Apple Continues Its Pivot Towards Asia

| About: Apple Inc. (AAPL)


Probable that manufacturing in India will happen soon.

China remains hugely promising, despite short-term market share problems with iPhone.

Rest of Asia showing very strong growth numbers especially in Services revenues.

Apple building up facilities around the Asian region.

Apple's dominant model in Japan can be replicated elsewhere in the region.

Apple (NASDAQ:AAPL) is continuing its pivot towards Asia. Recent developments in India, China and throughout Asia point to the increasing importance of the continent to the company. Asia is integral to Apple's growth and the dominant market position in Japan can be replicated elsewhere in the region. Comments at the Q4 2016 earnings and conference call reinforce this perception of Asia's vital importance to the company. Service revenues as well as the iPhone 8 will play a major role in this process.

Q4 Results & Asia.

The Q42016 Unaudited Summary Data illustrate the importance of Asian revenue to Apple.

The blip in Greater China (which includes Hong Kong and Taiwan) should not be taken as a trend. This was more to do with difficult comparisons, a 6% currency depreciation and problems in Hong Kong.

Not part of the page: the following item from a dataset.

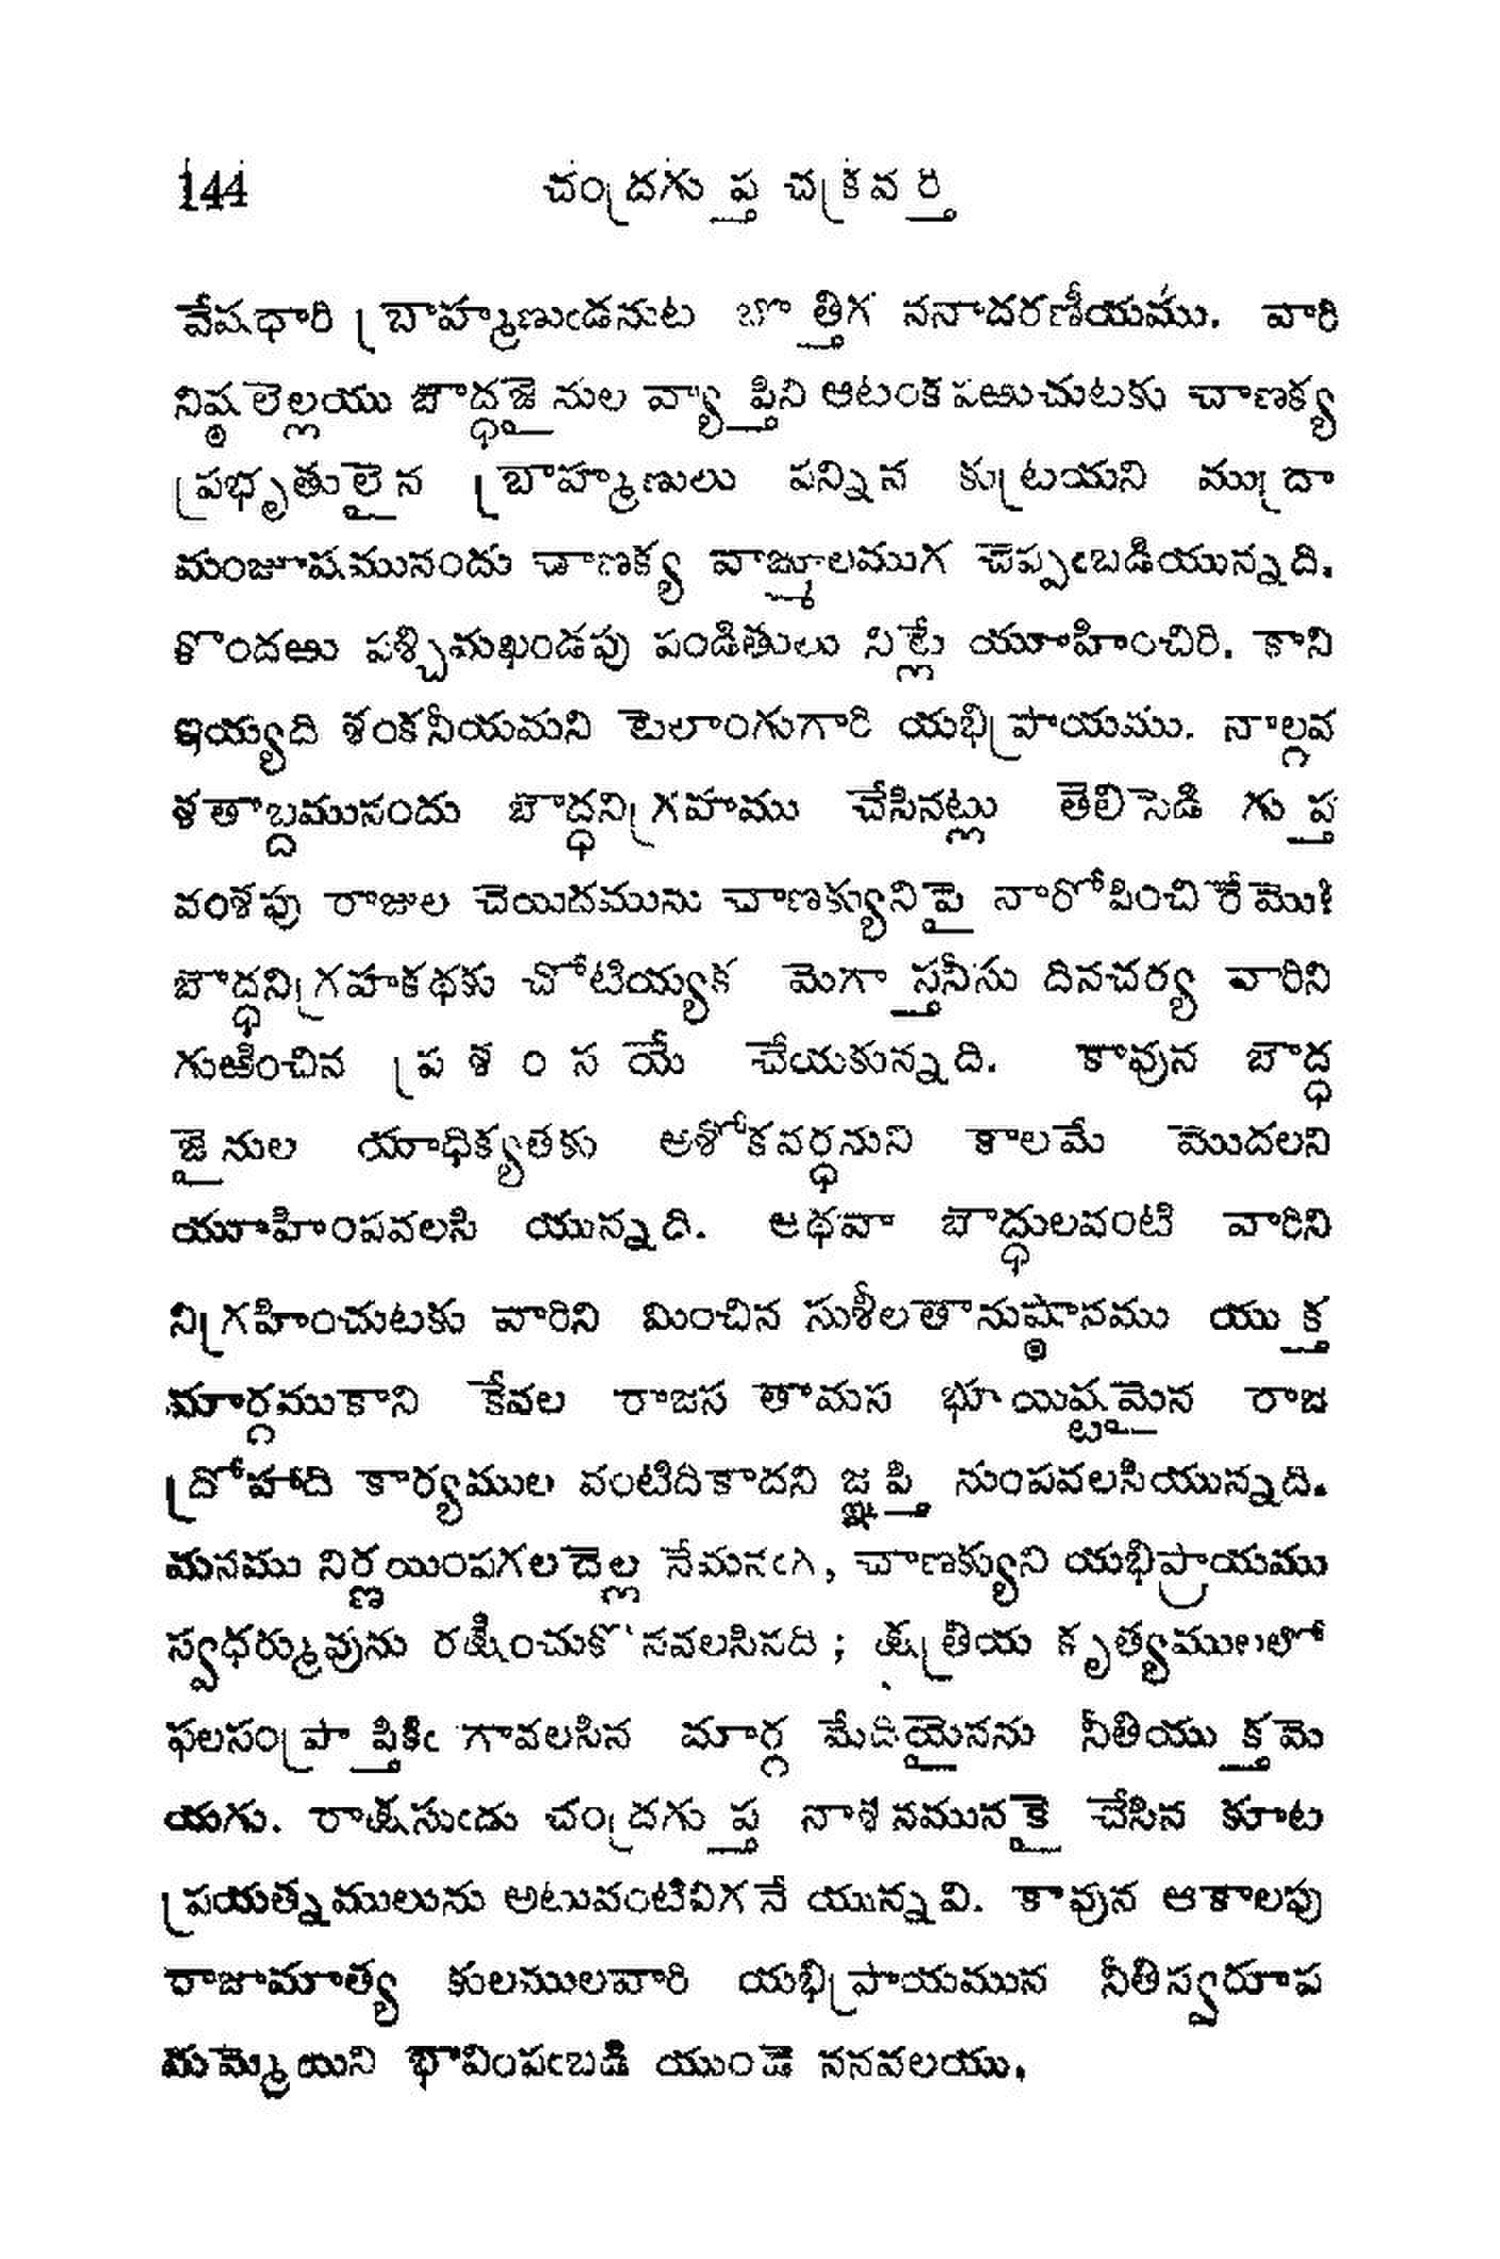వేషధారి బ్రాహ్మణుఁడనుట బొత్తిగ ననాదరణీయము. వారి నిష్ఠ లెల్లయు బౌద్దజైనుల వ్యాప్తిని ఆటంకపఱుచుటకు చాణక్య ప్రభృతులైన బ్రాహ్మణులు పన్నిన కుట్రయని ముద్రా మంజూషమునందు చాణక్య వాఙ్మూలముగ చెప్పఁబడియున్నది. కొందఱు పశ్చిమఖండపు పండితులు నిట్లే యూహించిరి. కాని ఇయ్యది శంకనీయమని టెలాంగుగారి యభిప్రాయము. నాల్గవ శతాబ్దమునందు బౌద్ధనిగ్రహము చేసినట్లు తెలిసెడి గుప్త వంశపు రాజుల చెయిదమును చాణక్యునిపై నారోపించిరేమొ? బౌద్దనిగ్రహకథకు చోటియ్యక మెగా స్తనీసు దినచర్య వారిని గుఱించిన ప్రశంసయే చేయకున్నది. కావున బౌద్ధ జైనుల యాధిక్యతకు అశోకవర్ధనుని కాలమే మొదలని యూహింపవలసి యున్నది. అథవా బౌద్ధులవంటి వారిని నిగ్రహించుటకు వారిని మించిన సుశీలతానుష్ఠానము యుక్త మార్గముకాని కేవల రాజస తామస భూయిష్టమైన రాజ ద్రోహాది కార్యముల వంటిదికాదని జ్ఞప్తి నుంపవలసియున్నది. మనము నిర్ణయింపగలదెల్ల నేమనఁగ, చాణక్యుని యభిప్రాయము స్వధర్మువును రక్షించుకొనవలసినది ; క్షత్రియ కృత్యములలో ఫలసంప్రాప్తికిఁ గావలసిన మార్గ మేదియైనను నీతియుక్తమె యగు. రాక్షసుఁడు చంద్రగుప్త నాశనమునకై చేసిన కూట ప్రయత్నములును అటువంటివిగనే యున్నవి. కావున ఆకాలపు రాజమాత్య కులములవారి యభిప్రాయమున నీతిస్వరూప మమ్మెయిని భావింపఁబడి యుండె ననవలయు.
.

As Tim Cook stated at the conference call:

The iPhone 7 was the best-selling smartphone in China during the quarter... we set a new record in Services in China.. We also saw 50% of our iPhone sales in China were to switchers and first-time buyers."

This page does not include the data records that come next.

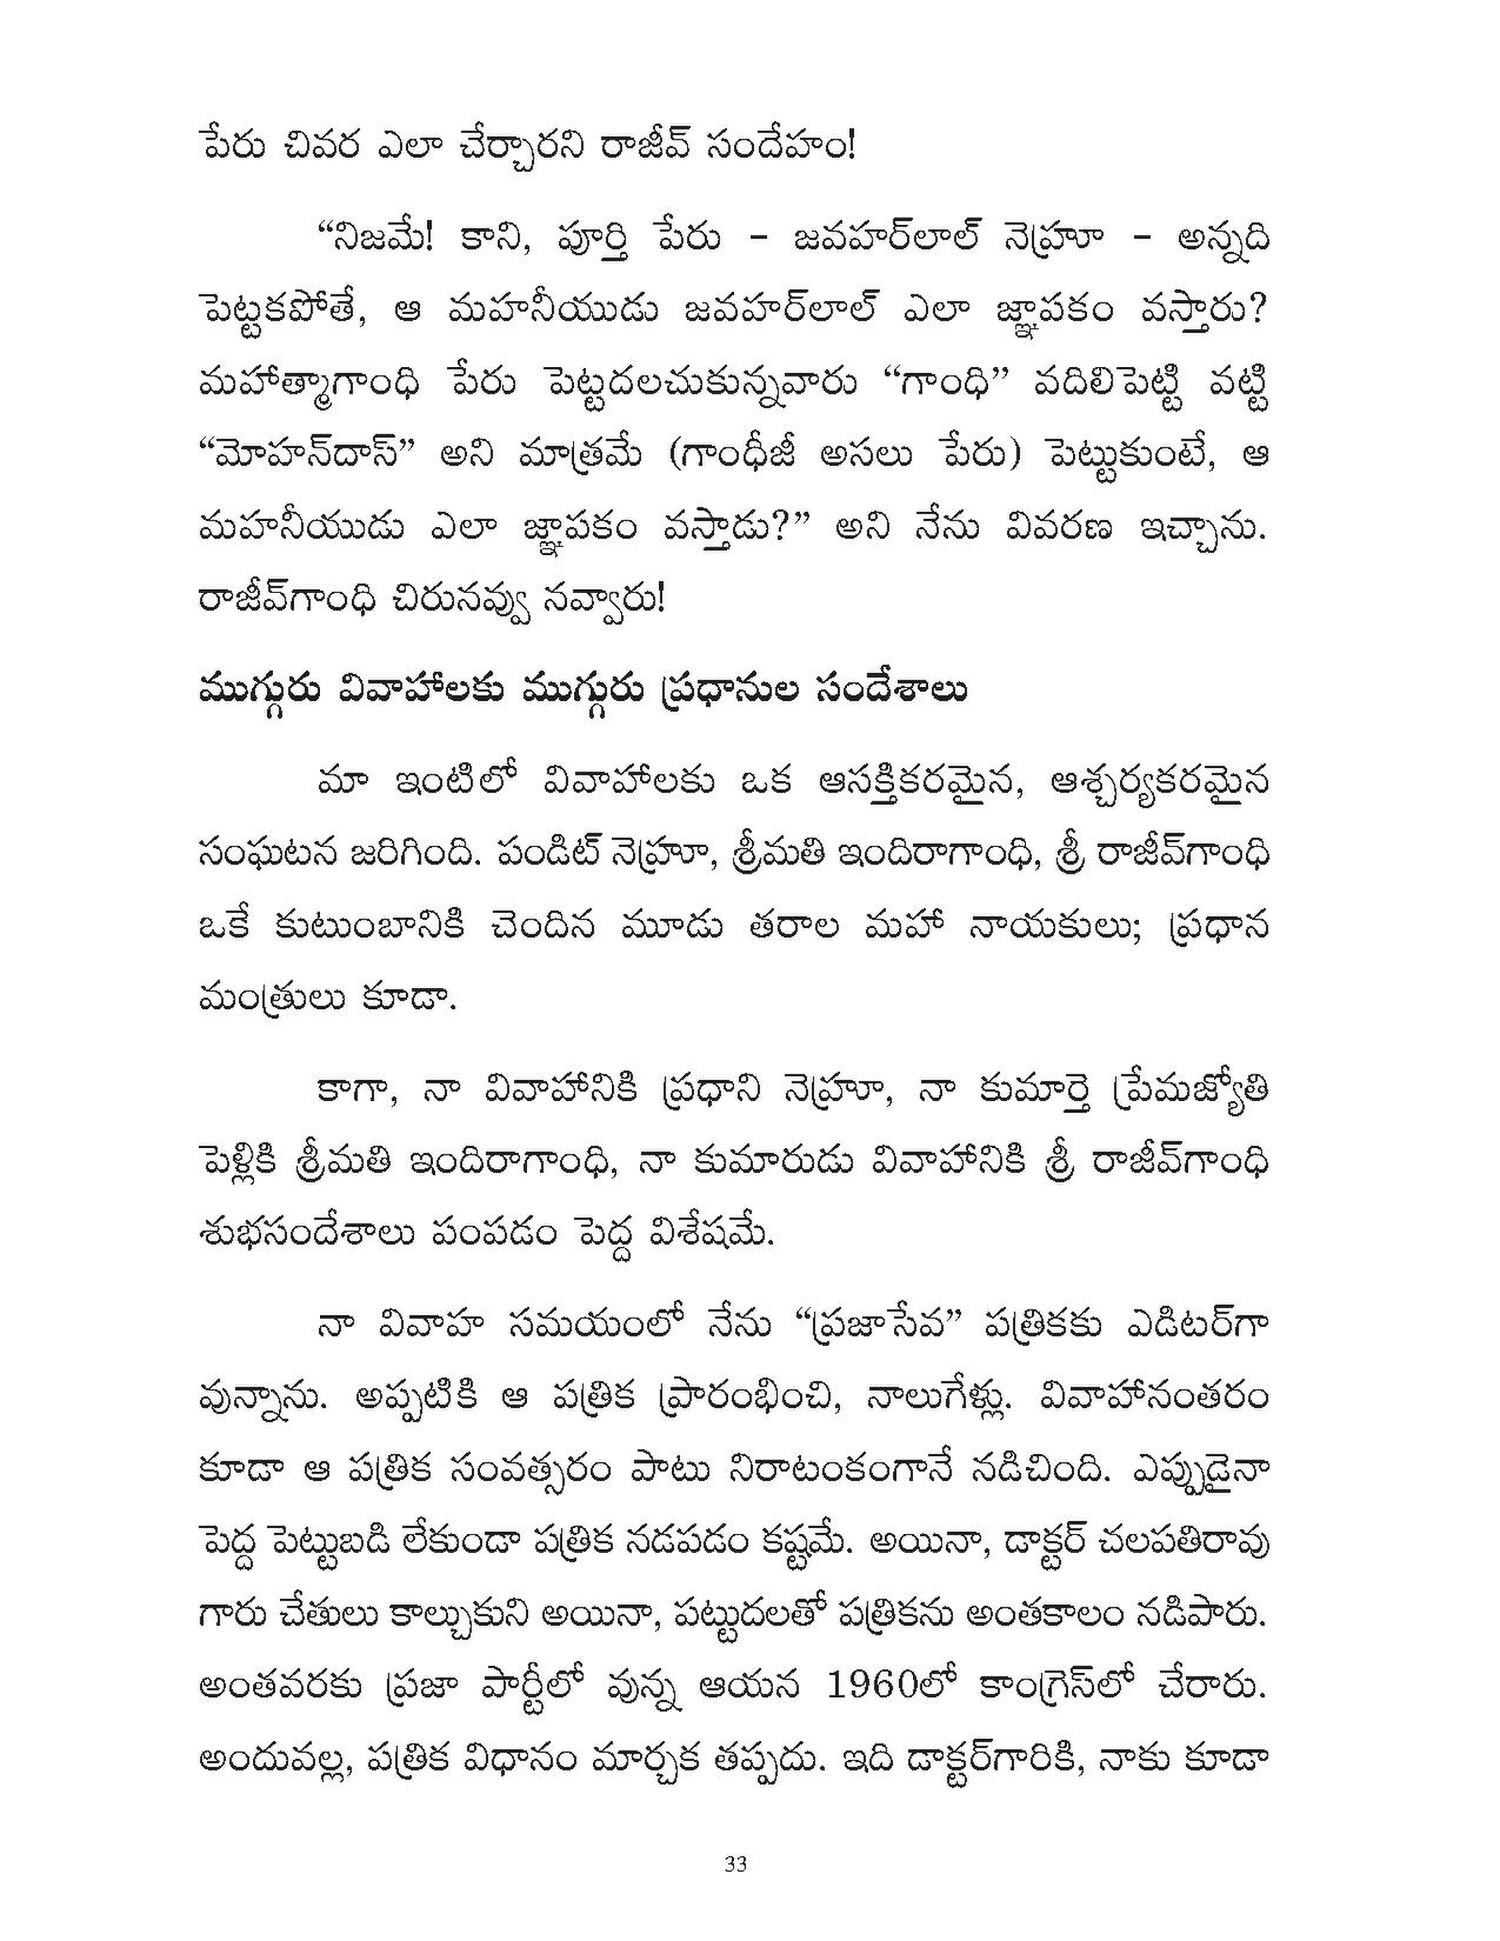పేరు చివర ఎలా చేర్చారని రాజీవ్‌ సందేహం!

"నిజమే! కాని, పూర్తి పేరు - జవహర్‌లాల్‌ నెహ్రూ - అన్నది
పెట్టకపోతే, ఆ మహనీయుడు జవహర్‌లాల్‌ ఎలా జ్ఞాపకం వస్తారు?
మహాత్మాగాంధి పేరు పెట్టదలచుకున్నవారు "గాంధి" వదిలిపెట్టి వట్టి
"మోహన్‌దాస్‌" అని మాత్రమే (గాంధీజీ అసలు పేరు) పెట్టుకుంటే, ఆ
మహనీయుడు ఎలా జ్ఞాపకం వస్తాడు?" అని నేను వివరణ ఇచ్చాను.
రాజీవ్‌గాంధి చిరునవ్వు నవ్వారు!
ముగ్గురు వివాహాలకు ముగ్గురు ప్రధానుల సందేశాలు
మా ఇంటిలో వివాహాలకు ఒక ఆసక్తికరమైన, ఆశ్చర్యకరమైన
సంఘటన జరిగింది. పండిట్‌ నెహ్రూ, శ్రీమతి ఇందిరాగాంధి, శ్రీ రాజీవ్‌గాంధి
ఒకే కుటుంబానికి చెందిన మూడు తరాల మహా నాయకులు; ప్రధాన
మంత్రులు కూడా.

కాగా, నా వివాహానికి ప్రధాని నెహ్రూ, నా కుమార్తె ప్రేమజ్యోతి
పెళ్లికి శ్రీమతి ఇందిరాగాంధి, నా కుమారుడు వివాహానికి శ్రీ రాజీవ్‌గాంధి
శుభసందేశాలు పంపడం పెద్ద విశేషమే.

నా వివాహ సమయంలో నేను "ప్రజాసేవ" పత్రికకు ఎడిటర్‌గా
వున్నాను. అప్పటికి ఆ పత్రిక ప్రారంభించి, నాలుగేళ్లు. వివాహానంతరం
కూడా ఆ పత్రిక సంవత్సరం పాటు నిరాటంకంగానే నడిచింది. ఎప్పుడైనా
పెద్ద పెట్టుబడి లేకుండ పత్రిక నడపడం కష్టమే. అయినా, డాక్టర్ చలపతిరావు
గారు చేతులు కాల్చుకుని అయినా, పట్టుదలతో పత్రికను అంతకాలం నడిపారు.
అంతవరకు ప్రజా పార్టీలో వున్న ఆయన 1960లో కాంగ్రెస్‌లో చేరారు.
అందువల్ల, పత్రిక విధానం మార్చక తప్పదు. ఇది డాక్టర్‌గారికి, నాకు కూడా

Q2 2016 is likely to see a very significant boost in China sales in US$ terms. The market may or may not have taken this into account in the stock price. Q3 and Q4 are likely to see a huge surge in sales with the probable release of the iPhone 8. Mac sales and iPad sales both enjoyed double-digit growth in the quarter just gone, despite the iPads' sales decline worldwide.

In terms of revenue, Asia accounted for 33.6% of total revenue. On a sequential basis, Japan had revenue growth of 23% and Rest of Asia Pacific 13%. On both a sequential and year-on-year basis, Japan (already a very strong market) had the fastest growth of any region in the world.

At the earnings call the company highlighted double-digit iPhone growth in Japan and Australia, double-digit growth for Mac in Japan and India, and double-digit growth for iPad in India. Growth in Vietnam was also emphasized. The Mac should continue to boom this year. The company was unable to keep up with demand for the new MacBook Pro in this previous quarter.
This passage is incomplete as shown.